:: PROBLEM TO SOLVE ::
The following data needs to be repeated exactly, with all images excluded.

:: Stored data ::
....................
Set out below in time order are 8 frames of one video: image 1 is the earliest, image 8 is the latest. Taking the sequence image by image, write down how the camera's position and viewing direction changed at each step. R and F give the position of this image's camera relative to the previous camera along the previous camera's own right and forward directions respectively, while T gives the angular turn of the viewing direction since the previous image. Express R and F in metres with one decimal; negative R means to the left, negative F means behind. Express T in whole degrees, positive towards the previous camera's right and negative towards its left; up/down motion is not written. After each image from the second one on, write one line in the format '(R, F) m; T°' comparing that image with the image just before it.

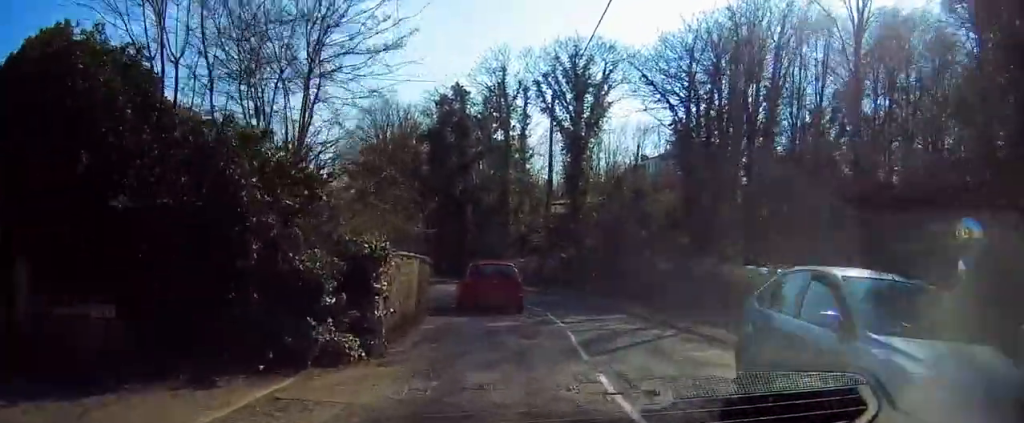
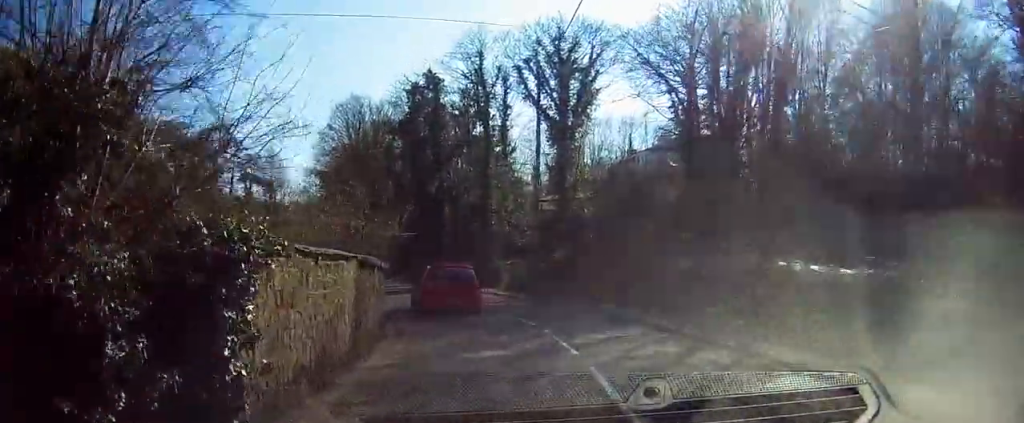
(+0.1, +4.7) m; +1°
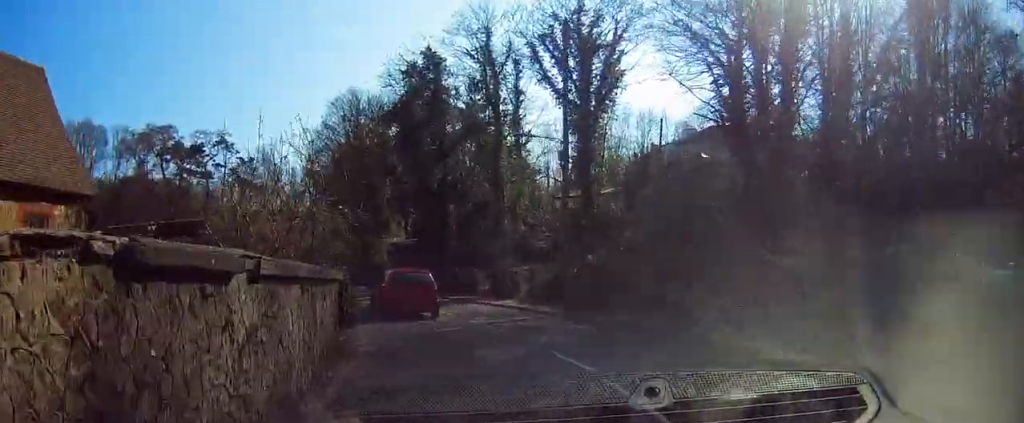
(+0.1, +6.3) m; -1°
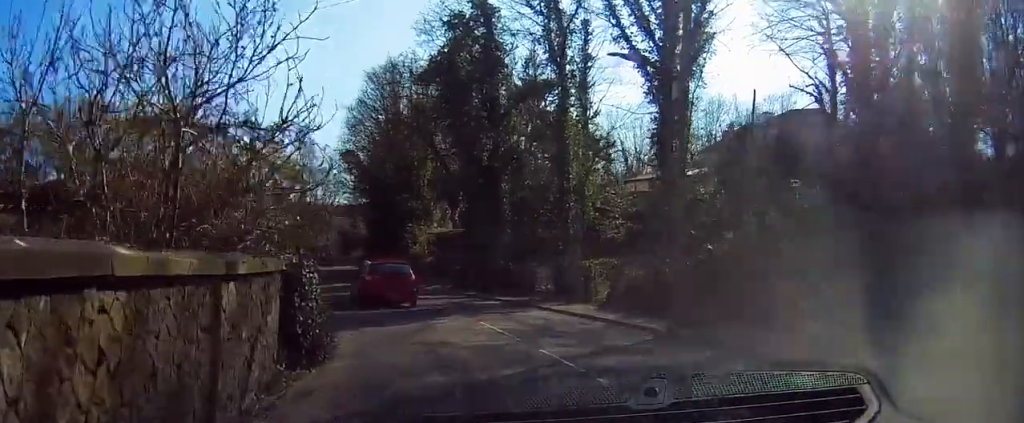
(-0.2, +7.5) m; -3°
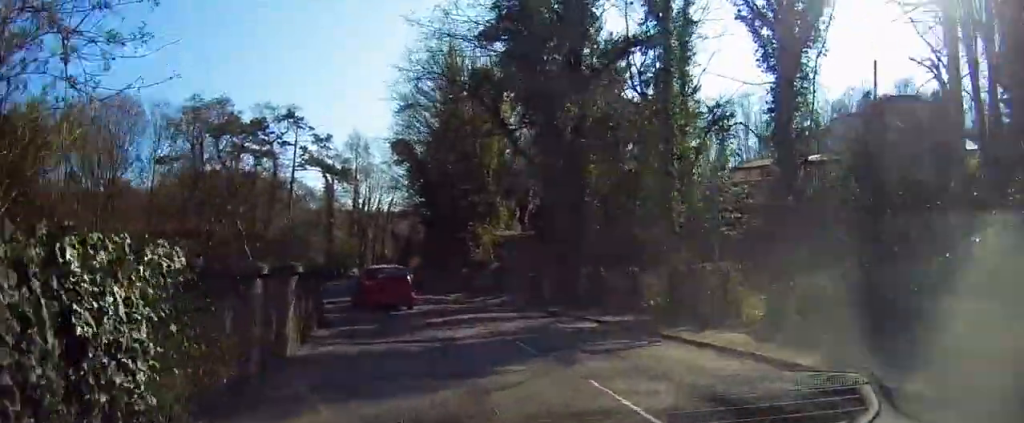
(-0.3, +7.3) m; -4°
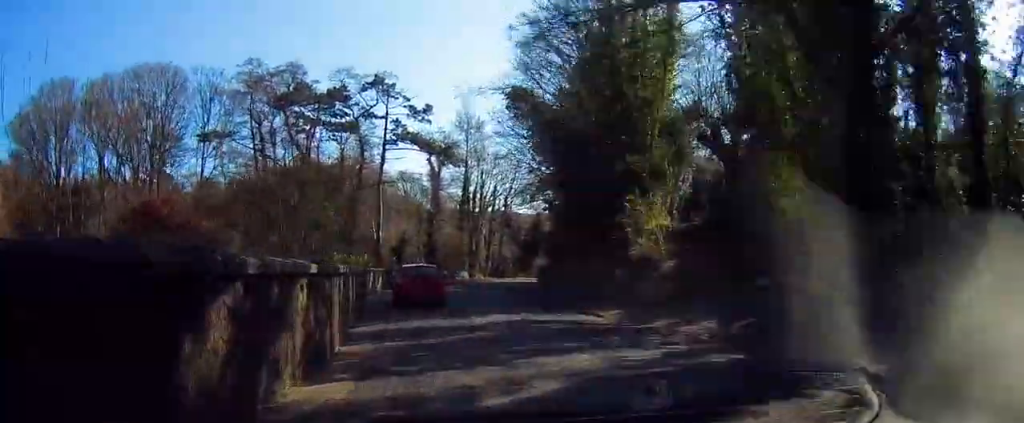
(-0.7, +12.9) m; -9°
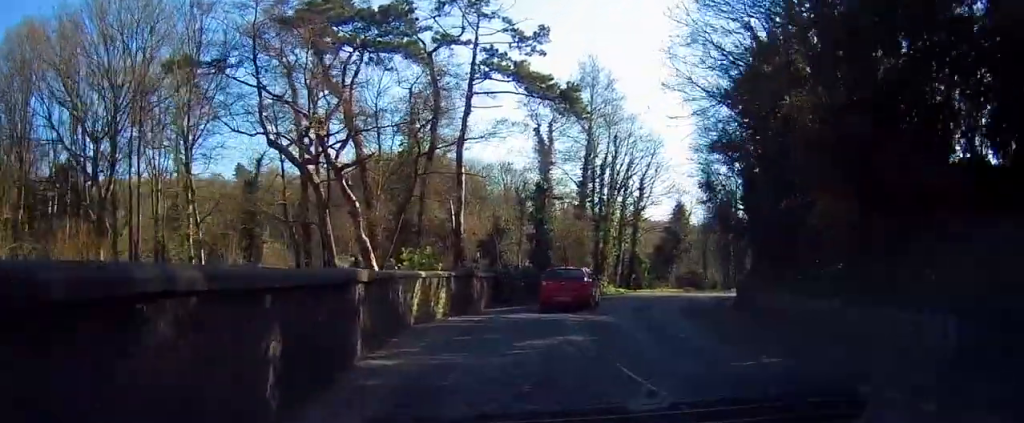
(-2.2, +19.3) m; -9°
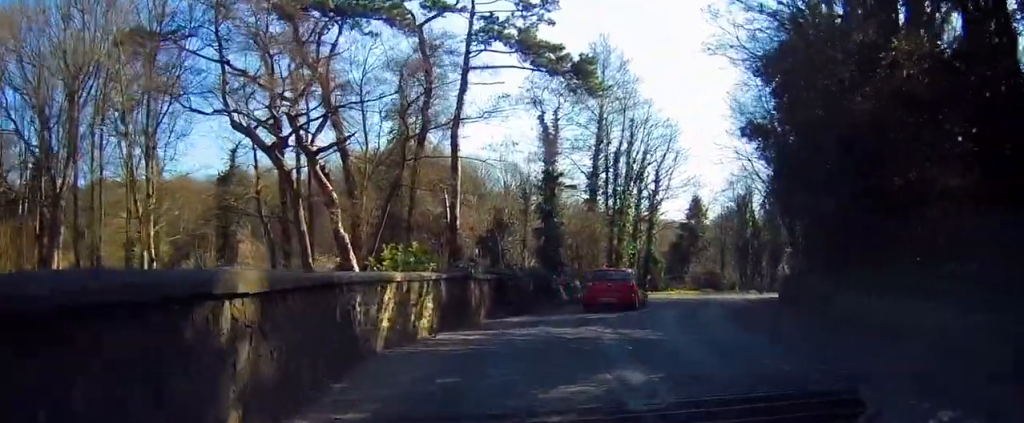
....................
:: TASK OUTPUT ::
Set out below in time order are 8 frames of one video: image 1 is the earliest, image 8 is the latest. Taking the sequence image by image, write down how the camera's position and viewing direction changed at each step. R and F give the position of this image's camera relative to the previous camera along the previous camera's own right and forward directions respectively, while T gives the angular turn of the viewing direction since the previous image. Express R and F in metres with one decimal; negative R means to the left, negative F means behind. Express T in whole degrees, positive towards the previous camera's right and negative towards its left; up/down motion is not written. After each image from the second one on, write one line in the format '(R, F) m; T°' comparing that image with the image just before it.

(+0.1, +4.7) m; +1°
(+0.1, +6.3) m; -1°
(-0.2, +7.5) m; -3°
(-0.3, +7.3) m; -4°
(-0.7, +12.9) m; -9°
(-2.2, +19.3) m; -9°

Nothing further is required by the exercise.